The diameter of the dwellings rarely exceeds twenty-feet, the height generally being about the same. The entrance consists of a hole so small that it is necessary to creep through in order to get inside; and the door consists of a hurdle swung upon two posts so as to be pushed backwards and forwards at pleasure. The clay floor in the interior is always perfectly level; it is made secure against damp as well as against the entrance of white ants by having been flattened down by the women trampling upon broad strips of bark laid upon it. The common sleeping-place of the parents and smaller children is on the floor. The bedding generally consists only of skins, the Bongo having little care for mats. For the pillow of the family they ordinarily use a branch of a tree smoothed by being stripped of its bark.

In every dwelling-place is found a conical receptacle for corn, named the “gallotoh,” which is elevated on piles, varying in height, so as to protect the provision from the damp of the soil or from the ravages of rats or white ants. Magazines of this kind for the reserve of corn are in general use throughout Africa, from the Rumboo of Damerghoo in the Central Soudan, right into the country of the Kaffirs and Bechuanas.
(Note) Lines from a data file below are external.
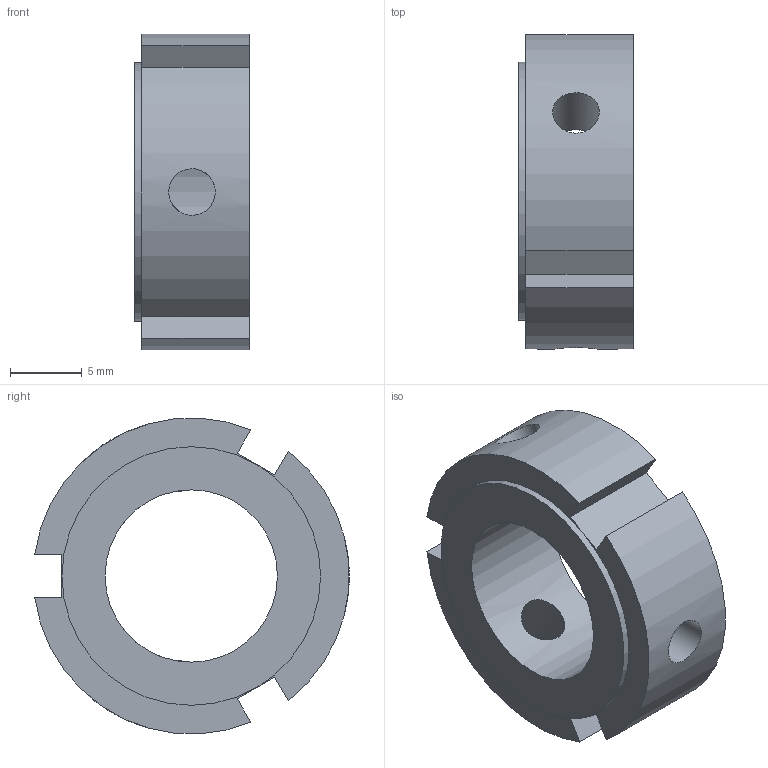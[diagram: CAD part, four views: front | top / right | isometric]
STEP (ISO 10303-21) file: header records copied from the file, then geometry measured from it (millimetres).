
FILE_DESCRIPTION((''),'2;1');
FILE_NAME('FKD ZMT 12.stp','2014-07-16T14:42:57',('fkd-ct1n'),(''),'Autodesk Inventor 2011','Autodesk Inventor 2011','');
FILE_SCHEMA(('AUTOMOTIVE_DESIGN { 1 0 10303 214 1 1 1 1 }'));
Length unit declared in the file: millimetre
Products named in the file (1): FKD ZMT 12
Bounding box: 8 x 21.9 x 21.97 mm (x, y, z)
Volume: 1816.3 mm3; surface area: 1536.6 mm2
Topology: 1 solids, 1 shells, 22 faces, 56 edges, 36 vertices
Faces by surface type: plane 14, cylinder 8
Full cylindrical faces by diameter (mm): 3.242 x3, 12 x1, 18 x1
Entity records: 887 total; most frequent: CARTESIAN_POINT 308, DIRECTION 103, ORIENTED_EDGE 102, EDGE_CURVE 51, VERTEX_POINT 36, AXIS2_PLACEMENT_3D 35, EDGE_LOOP 35, VECTOR 33

All the dwellings of the Bongo, whether large or small, are marked by one characteristic, which might almost be represented as a national feature. The peak of their huts is always furnished with a circular pad of straw, very carefully made, which serves as a seat, and from which it is possible to take a survey of the country, covered with its tall growth of corn. The name of “gony” is given to this elevation, which is surrounded by six or eight curved bits of wood projecting as though the roof were furnished with horns. It is peculiar to the huts of the Bongo.

ABUNDANCE OF IRON.

Iron is found in such quantities throughout the region that naturally the inhabitants devote much of their attention to its manipulation; its very abundance apparently secures them an advantage over the Dinka. Although, according to our conceptions they would be described as utterly deficient in tools and apparatus, still they produce some very wonderful results, even surpassing the Dyoor in skill. With their rude bellows and a hammer which, more commonly than not, is merely a round ball of pebble-stone (though occasionally it may be a little pyramid of iron without a handle) upon an anvil of gneiss or granite, with an ordinary little chisel and a pair of tongs consisting of a mere split piece of green wood, they contrive to fabricate articles which would bear comparison with the productions of an English smith.[31]
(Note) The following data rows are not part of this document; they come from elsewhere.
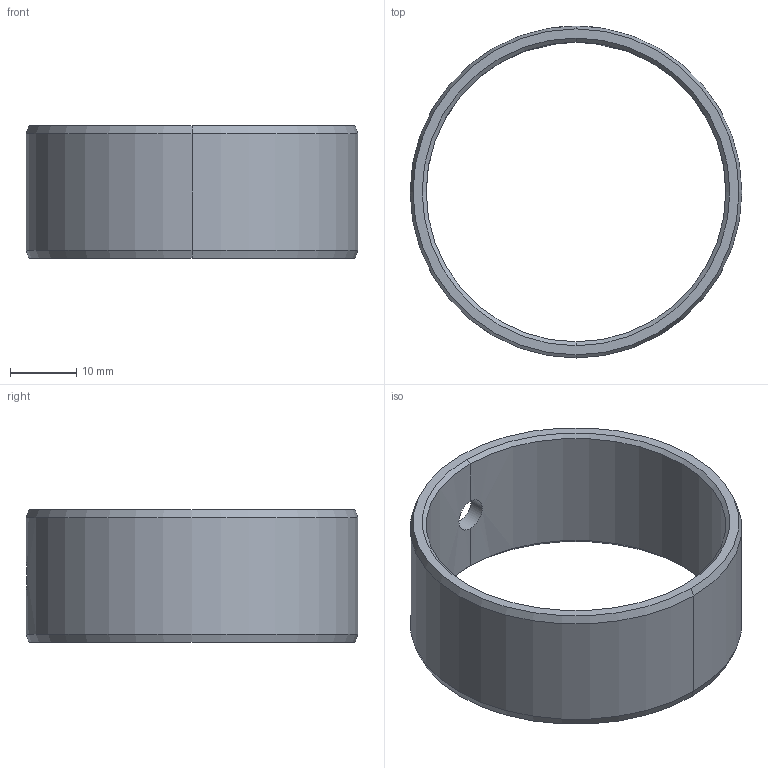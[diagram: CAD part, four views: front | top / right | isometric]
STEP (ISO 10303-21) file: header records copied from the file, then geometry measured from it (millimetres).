
FILE_DESCRIPTION((''),'2;1');
FILE_NAME('PG__A_2016_10_21','2016-08-08T',('deusss58'),(''),'PRO/ENGINEER BY PARAMETRIC TECHNOLOGY CORPORATION, 2014430','PRO/ENGINEER BY PARAMETRIC TECHNOLOGY CORPORATION, 2014430','');
FILE_SCHEMA(('CONFIG_CONTROL_DESIGN'));
Length unit declared in the file: millimetre
Products named in the file (1): PG__A_2016_10_21
Bounding box: 50 x 50 x 20 mm (x, y, z)
Volume: 7039.6 mm3; surface area: 6486.3 mm2
Topology: 1 solids, 1 shells, 16 faces, 40 edges, 24 vertices
Faces by surface type: cone 8, cylinder 6, plane 2
Entity records: 578 total; most frequent: CARTESIAN_POINT 152, DIRECTION 80, ORIENTED_EDGE 80, EDGE_CURVE 40, AXIS2_PLACEMENT_3D 32, VERTEX_POINT 24, EDGE_LOOP 18, VECTOR 16

The season when opportunity is found for putting the iron-works in motion is after the harvest has been housed and the rains are over. Already, in a previous chapter,[32] iron-work, as produced by the Dyoor, has been noticed, but the Bongo have a system considerably more advanced, which appears worthy of a brief description. Their smelting apparatus is an erection of clay, generally about five feet in height, containing in its interior three distinct compartments.[33] These are all of the same size, that in the middle being filled with alternate layers of fuel and ore. This centre chamber is separated from the lower by means of a kind of frame resting on a circular projection; and it is divided from the chamber above by a narrow neck of communication. The highest and lowest of the divisions are used for fuel only. Round the base of the inferior chamber there are four holes, into which the “tewels” or pokers are introduced, and to which bellows are applied to increase the intensity of the combustion; there is a fifth hole, which can be stopped with clay as often as may be desired, and which serves to allow the metal to be raked out after it has trickled down into the cavity below the frame.
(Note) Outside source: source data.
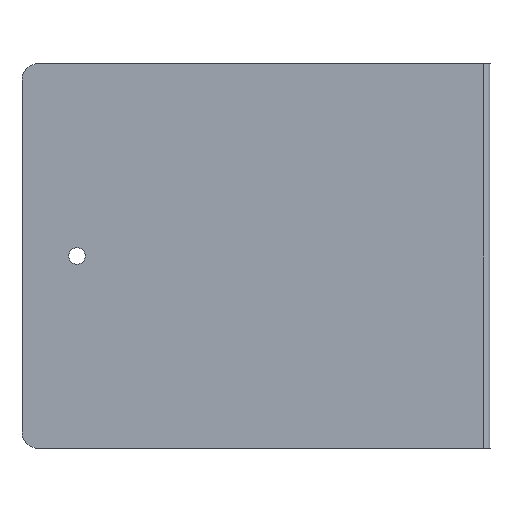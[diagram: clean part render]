
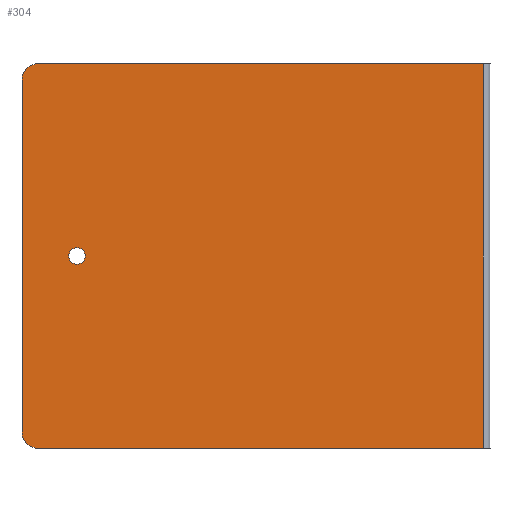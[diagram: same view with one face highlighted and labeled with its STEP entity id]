
A CAD part, front view. The second image highlights one B-rep face of the part: STEP entity #304.
In plain terms, the highlighted planar face has unit normal (0, -1, 0).
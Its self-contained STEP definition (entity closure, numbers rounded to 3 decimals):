
#20=FACE_BOUND('',#58,.T.);
#26=PLANE('',#347);
#39=FACE_OUTER_BOUND('',#57,.T.);
#57=EDGE_LOOP('',(#244,#245,#246,#247,#248,#249));
#58=EDGE_LOOP('',(#250));
#70=LINE('',#472,#97);
#84=LINE('',#516,#111);
#85=LINE('',#520,#112);
#86=LINE('',#523,#113);
#97=VECTOR('',#377,10.);
#111=VECTOR('',#419,10.);
#112=VECTOR('',#422,10.);
#113=VECTOR('',#425,10.);
#122=CIRCLE('',#329,3.);
#130=CIRCLE('',#348,6.);
#131=CIRCLE('',#349,6.);
#134=VERTEX_POINT('',#458);
#139=VERTEX_POINT('',#469);
#140=VERTEX_POINT('',#471);
#156=VERTEX_POINT('',#515);
#157=VERTEX_POINT('',#517);
#158=VERTEX_POINT('',#519);
#159=VERTEX_POINT('',#521);
#162=EDGE_CURVE('',#134,#134,#122,.T.);
#168=EDGE_CURVE('',#139,#140,#70,.T.);
#190=EDGE_CURVE('',#156,#139,#84,.T.);
#191=EDGE_CURVE('',#157,#156,#130,.T.);
#192=EDGE_CURVE('',#158,#157,#85,.T.);
#193=EDGE_CURVE('',#159,#158,#131,.T.);
#194=EDGE_CURVE('',#140,#159,#86,.T.);
#244=ORIENTED_EDGE('',*,*,#168,.F.);
#245=ORIENTED_EDGE('',*,*,#190,.F.);
#246=ORIENTED_EDGE('',*,*,#191,.F.);
#247=ORIENTED_EDGE('',*,*,#192,.F.);
#248=ORIENTED_EDGE('',*,*,#193,.F.);
#249=ORIENTED_EDGE('',*,*,#194,.F.);
#250=ORIENTED_EDGE('',*,*,#162,.T.);
#304=ADVANCED_FACE('',(#39,#20),#26,.F.);
#329=AXIS2_PLACEMENT_3D('',#459,#365,#366);
#347=AXIS2_PLACEMENT_3D('',#514,#417,#418);
#348=AXIS2_PLACEMENT_3D('',#518,#420,#421);
#349=AXIS2_PLACEMENT_3D('',#522,#423,#424);
#365=DIRECTION('center_axis',(0.,1.,0.));
#366=DIRECTION('ref_axis',(1.,0.,0.));
#377=DIRECTION('',(0.,0.,-1.));
#417=DIRECTION('center_axis',(0.,1.,0.));
#418=DIRECTION('ref_axis',(1.,0.,0.));
#419=DIRECTION('',(1.,0.,0.));
#420=DIRECTION('center_axis',(0.,1.,0.));
#421=DIRECTION('ref_axis',(-0.707,0.,0.707));
#422=DIRECTION('',(0.,0.,1.));
#423=DIRECTION('center_axis',(0.,1.,0.));
#424=DIRECTION('ref_axis',(-0.707,0.,-0.707));
#425=DIRECTION('',(-1.,0.,0.));
#458=CARTESIAN_POINT('',(-83.,0.,0.));
#459=CARTESIAN_POINT('Origin',(-80.,0.,0.));
#469=CARTESIAN_POINT('',(67.875,0.,70.));
#471=CARTESIAN_POINT('',(67.875,0.,-70.));
#472=CARTESIAN_POINT('',(67.875,0.,0.));
#514=CARTESIAN_POINT('Origin',(0.,0.,0.));
#515=CARTESIAN_POINT('',(-94.,0.,70.));
#516=CARTESIAN_POINT('',(-100.,0.,70.));
#517=CARTESIAN_POINT('',(-100.,0.,64.));
#518=CARTESIAN_POINT('Origin',(-94.,0.,64.));
#519=CARTESIAN_POINT('',(-100.,0.,-64.));
#520=CARTESIAN_POINT('',(-100.,0.,-70.));
#521=CARTESIAN_POINT('',(-94.,0.,-70.));
#522=CARTESIAN_POINT('Origin',(-94.,0.,-64.));
#523=CARTESIAN_POINT('',(100.,0.,-70.));

The most important of the iron productions are designed for the trade that the Bongo carry on with the tribes that dwell in the north, and which some time since was very active. The raw iron is exhibited in three separate shapes: one is named “mahee,” being spear-heads of one or two feet long, corresponding exactly with what has been mentioned as common with the Dyoor; the second is known as “loggoh kullutty,” and is simply a lot of black, ill-formed spades; the third is called distinctively “loggoh,” consisting of regular spades, which, under the market appellation of “melot,” have a wide sale everywhere along the course of the Upper Nile.